What the task asks — Return a copy of every line in the data below that contains "clipPath".

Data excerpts
━━━━
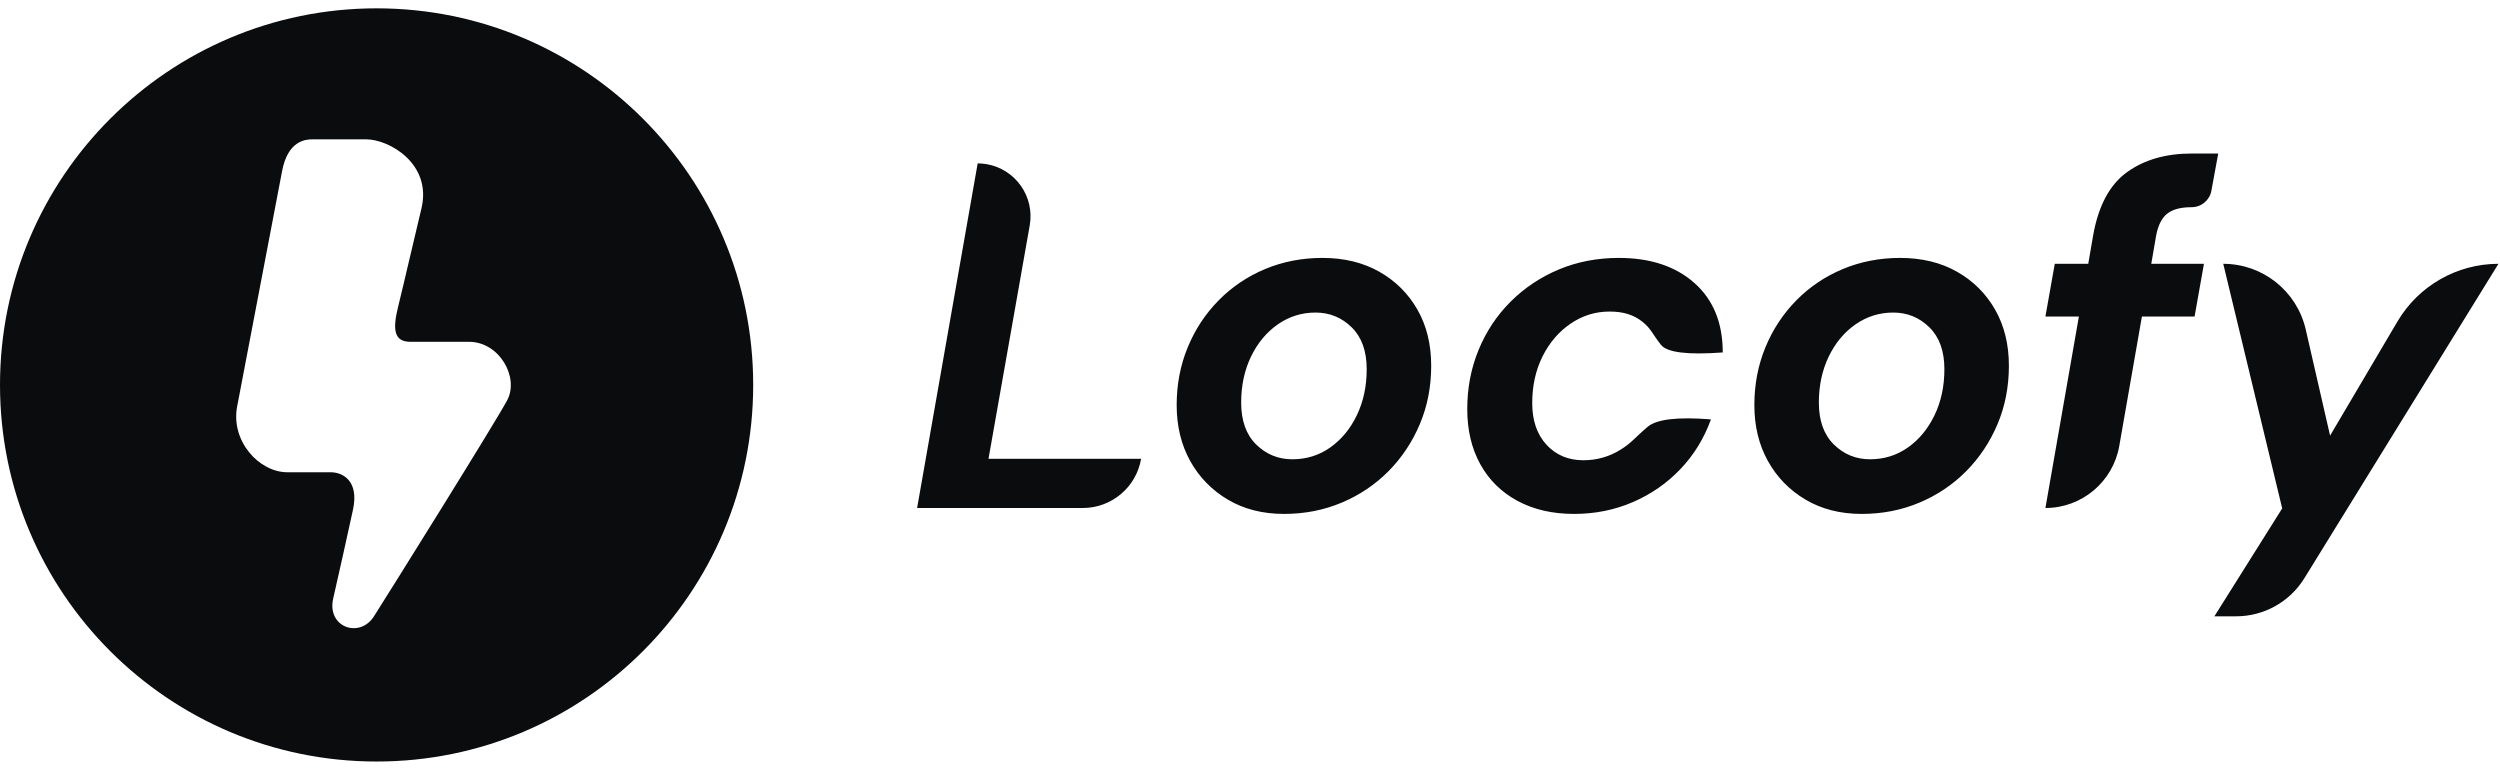 <svg width="90" height="28" viewBox="0 0 90 28" fill="none" xmlns="http://www.w3.org/2000/svg">
<g clip-path="url(#clip0_2717_1219)">
<path fill-rule="evenodd" clip-rule="evenodd" d="M27.115 13.857C27.115 21.345 21.045 27.415 13.558 27.415C6.07 27.415 0 21.345 0 13.857C0 6.37 6.07 0.3 13.558 0.3C21.045 0.3 27.115 6.37 27.115 13.857ZM8.538 14.629C8.779 13.378 9.951 7.244 10.156 6.156C10.362 5.067 10.998 5.016 11.241 5.016H13.184C14.003 5.016 15.558 5.892 15.172 7.503C14.994 8.247 14.845 8.882 14.716 9.432C14.565 10.075 14.441 10.603 14.329 11.056C14.121 11.897 14.202 12.305 14.774 12.305H16.886C17.976 12.305 18.7 13.584 18.258 14.411C17.816 15.237 13.974 21.386 13.46 22.191C12.945 22.997 11.759 22.58 11.995 21.547C12.232 20.514 12.473 19.42 12.706 18.356C12.939 17.293 12.32 17.001 11.905 17.001H10.342C9.329 17.001 8.298 15.88 8.538 14.629Z" fill="#0B0C0D"/>
<path d="M41.08 16.516H35.586L37.07 8.116C37.253 7.081 36.562 6.094 35.527 5.911C35.418 5.892 35.307 5.882 35.196 5.882L33.016 18.288H38.981C40.02 18.288 40.906 17.539 41.08 16.516ZM46.224 18.501C46.968 18.501 47.662 18.365 48.306 18.093C48.95 17.821 49.511 17.443 49.99 16.959C50.468 16.474 50.844 15.91 51.115 15.266C51.387 14.622 51.523 13.922 51.523 13.166C51.523 12.398 51.358 11.725 51.027 11.146C50.696 10.567 50.238 10.112 49.653 9.781C49.068 9.45 48.386 9.285 47.606 9.285C46.874 9.285 46.188 9.418 45.55 9.683C44.912 9.949 44.354 10.324 43.876 10.809C43.397 11.293 43.025 11.857 42.759 12.501C42.493 13.145 42.36 13.839 42.36 14.584C42.36 15.34 42.523 16.011 42.847 16.596C43.172 17.18 43.624 17.644 44.203 17.987C44.782 18.329 45.456 18.501 46.224 18.501ZM46.525 16.534C46.017 16.534 45.583 16.356 45.222 16.002C44.862 15.647 44.682 15.145 44.682 14.495C44.682 13.881 44.8 13.329 45.036 12.838C45.273 12.348 45.595 11.961 46.002 11.677C46.41 11.394 46.862 11.252 47.358 11.252C47.866 11.252 48.3 11.429 48.661 11.784C49.021 12.138 49.201 12.64 49.201 13.29C49.201 13.905 49.083 14.457 48.847 14.947C48.611 15.438 48.291 15.825 47.89 16.108C47.488 16.392 47.033 16.534 46.525 16.534ZM56.666 18.501C57.423 18.501 58.129 18.359 58.784 18.075C59.44 17.792 60.01 17.396 60.495 16.888C60.979 16.38 61.346 15.783 61.594 15.098C60.398 15.002 59.639 15.091 59.318 15.363C58.835 15.773 58.749 15.934 58.341 16.188C57.934 16.442 57.488 16.569 57.003 16.569C56.46 16.569 56.017 16.383 55.674 16.011C55.331 15.638 55.16 15.139 55.16 14.513C55.16 13.887 55.284 13.326 55.532 12.829C55.78 12.333 56.117 11.94 56.542 11.651C56.968 11.361 57.434 11.216 57.943 11.216C58.427 11.216 58.804 11.326 59.123 11.58C59.442 11.834 59.466 11.997 59.794 12.413C60.013 12.691 60.755 12.782 62.019 12.688C62.019 11.624 61.679 10.791 61 10.189C60.321 9.586 59.414 9.285 58.279 9.285C57.499 9.285 56.779 9.424 56.117 9.701C55.455 9.979 54.877 10.366 54.38 10.862C53.884 11.358 53.5 11.937 53.228 12.599C52.956 13.261 52.821 13.97 52.821 14.726C52.821 15.482 52.977 16.144 53.29 16.711C53.603 17.278 54.049 17.718 54.628 18.031C55.207 18.344 55.887 18.501 56.666 18.501ZM67.021 18.501C67.765 18.501 68.459 18.365 69.103 18.093C69.747 17.821 70.308 17.443 70.787 16.959C71.265 16.474 71.641 15.91 71.912 15.266C72.184 14.622 72.32 13.922 72.32 13.166C72.32 12.398 72.154 11.725 71.824 11.146C71.493 10.567 71.035 10.112 70.45 9.781C69.865 9.45 69.183 9.285 68.403 9.285C67.671 9.285 66.985 9.418 66.347 9.683C65.709 9.949 65.151 10.324 64.672 10.809C64.194 11.293 63.822 11.857 63.556 12.501C63.29 13.145 63.157 13.839 63.157 14.584C63.157 15.34 63.319 16.011 63.644 16.596C63.969 17.18 64.421 17.644 65 17.987C65.579 18.329 66.253 18.501 67.021 18.501ZM67.322 16.534C66.814 16.534 66.38 16.356 66.019 16.002C65.659 15.647 65.479 15.145 65.479 14.495C65.479 13.881 65.597 13.329 65.833 12.838C66.07 12.348 66.391 11.961 66.799 11.677C67.207 11.394 67.659 11.252 68.155 11.252C68.663 11.252 69.097 11.429 69.458 11.784C69.818 12.138 69.998 12.64 69.998 13.29C69.998 13.905 69.88 14.457 69.644 14.947C69.407 15.438 69.088 15.825 68.687 16.108C68.285 16.392 67.83 16.534 67.322 16.534ZM76.294 16.053L77.109 11.394H79.005L79.342 9.497H77.446L77.623 8.469C77.694 8.103 77.827 7.843 78.022 7.69C78.217 7.536 78.509 7.459 78.899 7.459C79.248 7.459 79.547 7.21 79.61 6.866L79.856 5.527H78.899C77.966 5.527 77.189 5.752 76.568 6.201C75.948 6.65 75.543 7.406 75.354 8.469L75.177 9.497H73.972L73.635 11.394H74.84L73.635 18.288C74.947 18.288 76.069 17.345 76.294 16.053ZM82.956 20.818L89.944 9.497C88.451 9.497 87.068 10.287 86.309 11.573L83.883 15.683L83.007 11.864C82.69 10.479 81.458 9.497 80.037 9.497L82.159 18.302L79.718 22.187H80.501C81.502 22.187 82.43 21.669 82.956 20.818Z" fill="#0B0C0D"/>
</g>
<defs>
<clipPath id="clip0_2717_1219">
<rect width="90" height="27.115" fill="white" transform="translate(0 0.3)"/>
</clipPath>
</defs>
</svg>
━━━━
Written reply —
<clipPath id="clip0_2717_1219">
</clipPath>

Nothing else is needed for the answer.